EXTRACTED DATA Block Start

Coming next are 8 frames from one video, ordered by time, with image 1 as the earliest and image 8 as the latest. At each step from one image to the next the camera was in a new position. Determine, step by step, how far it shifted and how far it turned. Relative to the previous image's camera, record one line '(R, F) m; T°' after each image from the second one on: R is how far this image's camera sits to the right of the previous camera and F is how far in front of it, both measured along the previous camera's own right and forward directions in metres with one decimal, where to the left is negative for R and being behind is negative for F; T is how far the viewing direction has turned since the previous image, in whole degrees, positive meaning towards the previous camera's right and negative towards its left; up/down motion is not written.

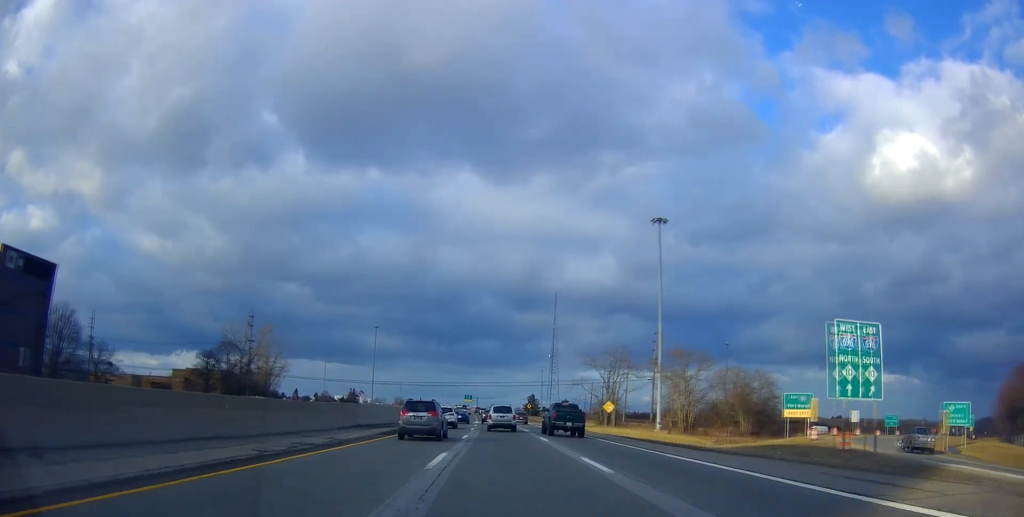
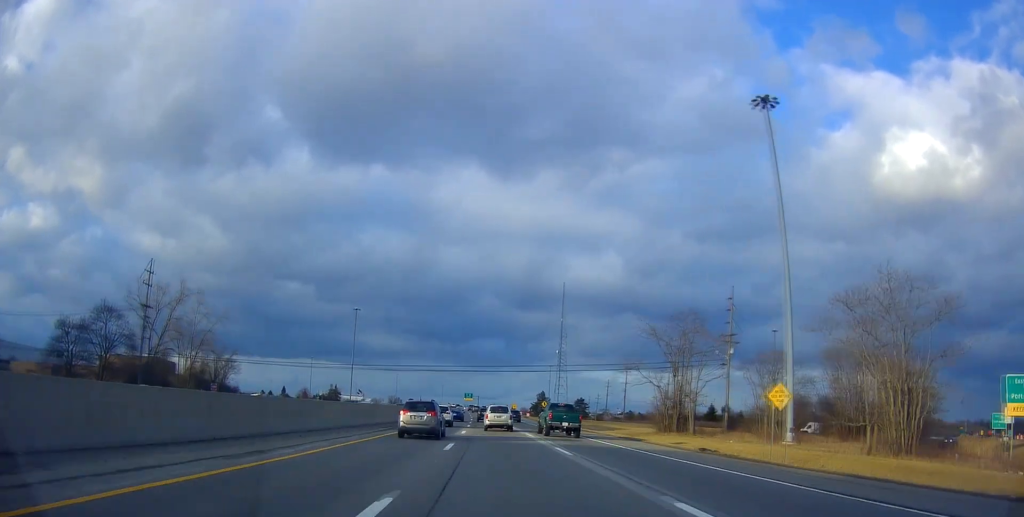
(+0.6, +38.7) m; +2°
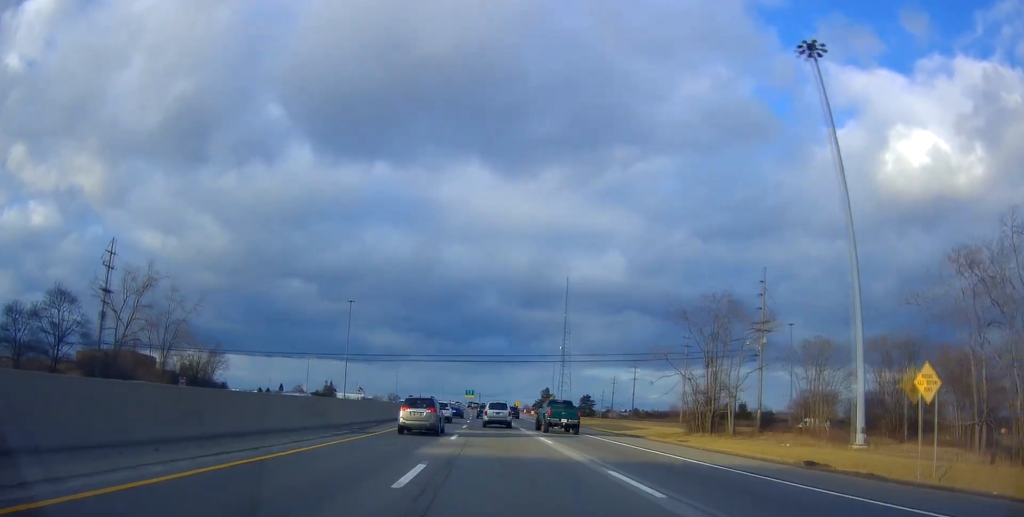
(+0.3, +10.4) m; 0°
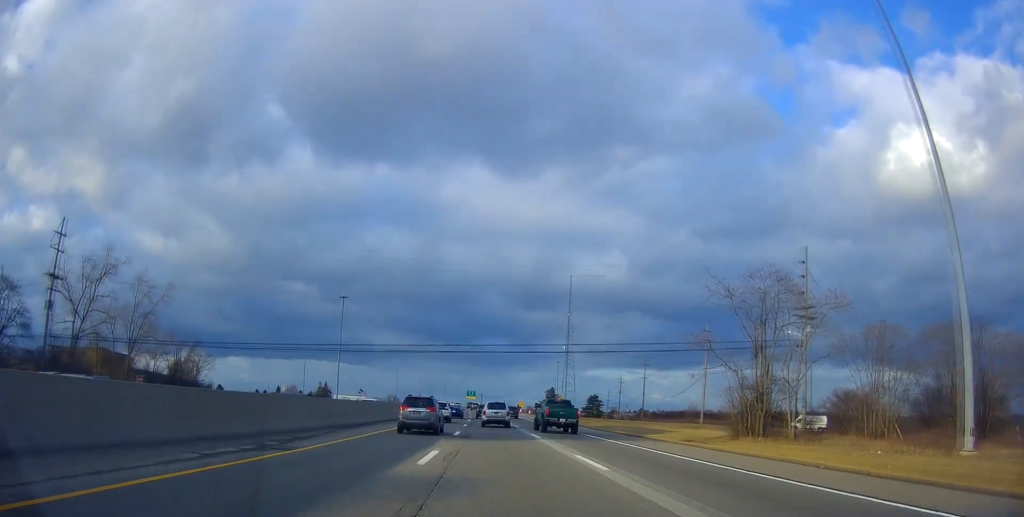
(0.0, +11.1) m; -1°
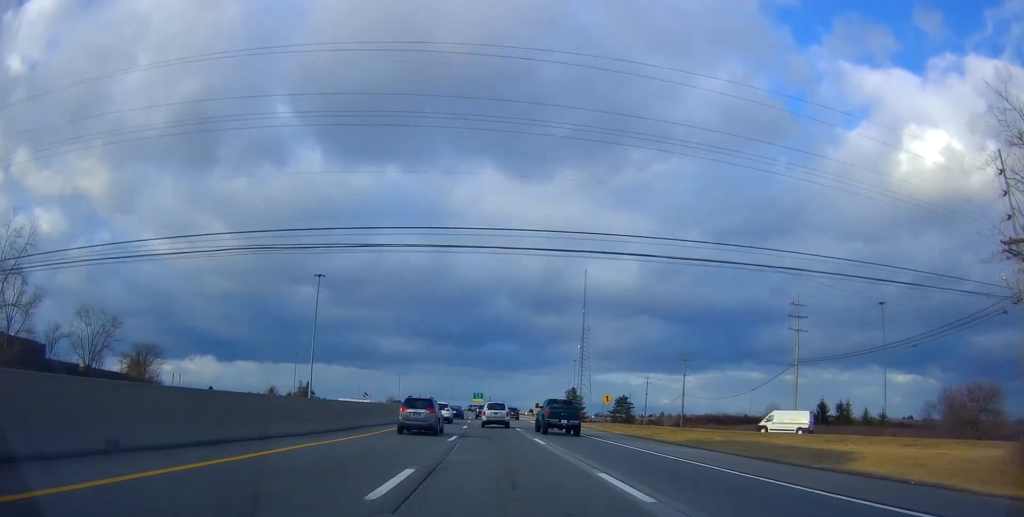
(-1.8, +32.7) m; -4°
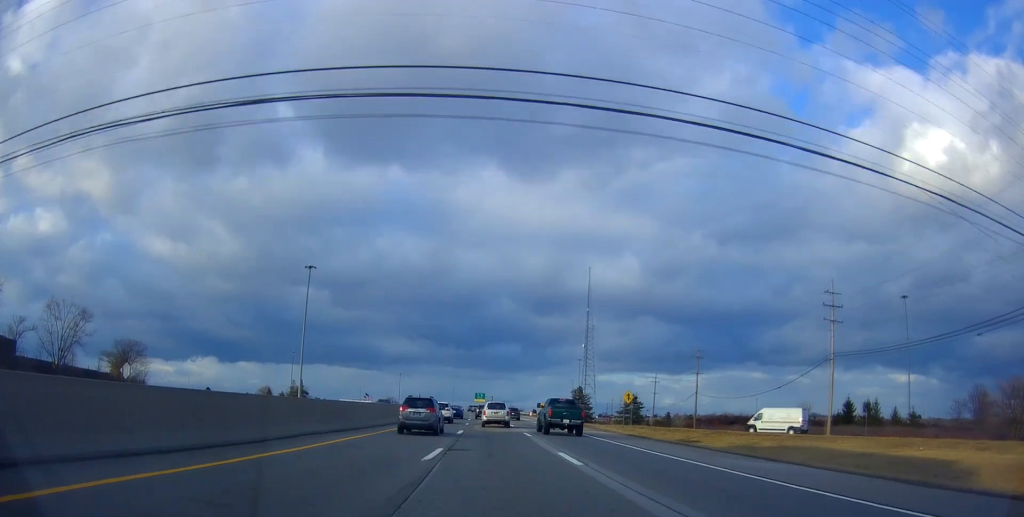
(0.0, +9.0) m; 0°
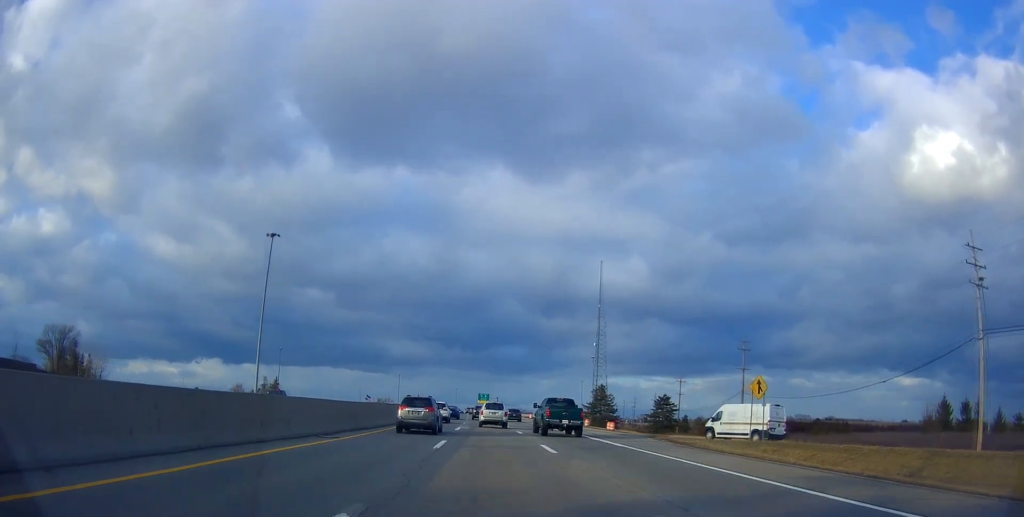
(+0.9, +27.2) m; +2°
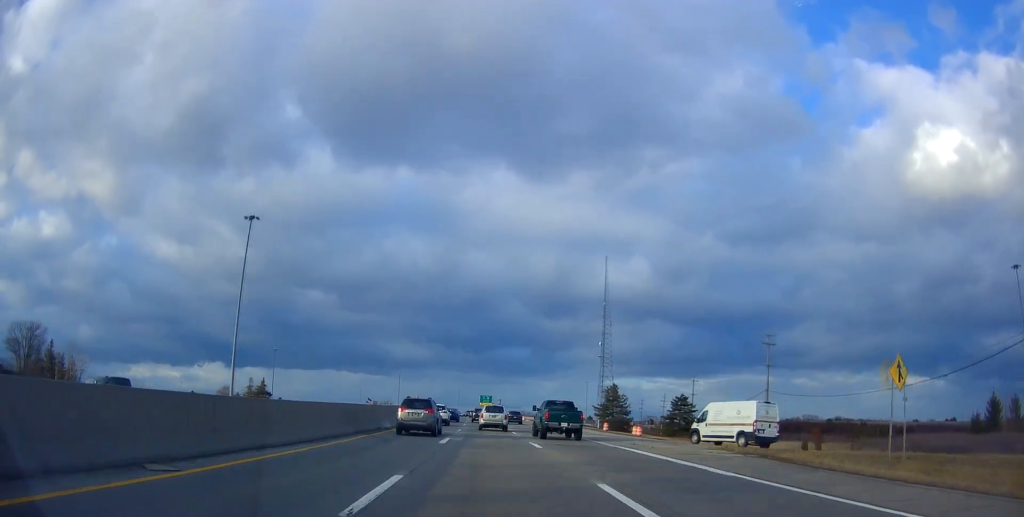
(+0.3, +11.3) m; -1°

EXTRACTED DATA Block End

GOAL OF THE EXERCISE:
Would you write out each record above exactly, with no images?

WRITTEN RESPONSE:
Coming next are 8 frames from one video, ordered by time, with image 1 as the earliest and image 8 as the latest. At each step from one image to the next the camera was in a new position. Determine, step by step, how far it shifted and how far it turned. Relative to the previous image's camera, record one line '(R, F) m; T°' after each image from the second one on: R is how far this image's camera sits to the right of the previous camera and F is how far in front of it, both measured along the previous camera's own right and forward directions in metres with one decimal, where to the left is negative for R and being behind is negative for F; T is how far the viewing direction has turned since the previous image, in whole degrees, positive meaning towards the previous camera's right and negative towards its left; up/down motion is not written.

(+0.6, +38.7) m; +2°
(+0.3, +10.4) m; 0°
(0.0, +11.1) m; -1°
(-1.8, +32.7) m; -4°
(0.0, +9.0) m; 0°
(+0.9, +27.2) m; +2°
(+0.3, +11.3) m; -1°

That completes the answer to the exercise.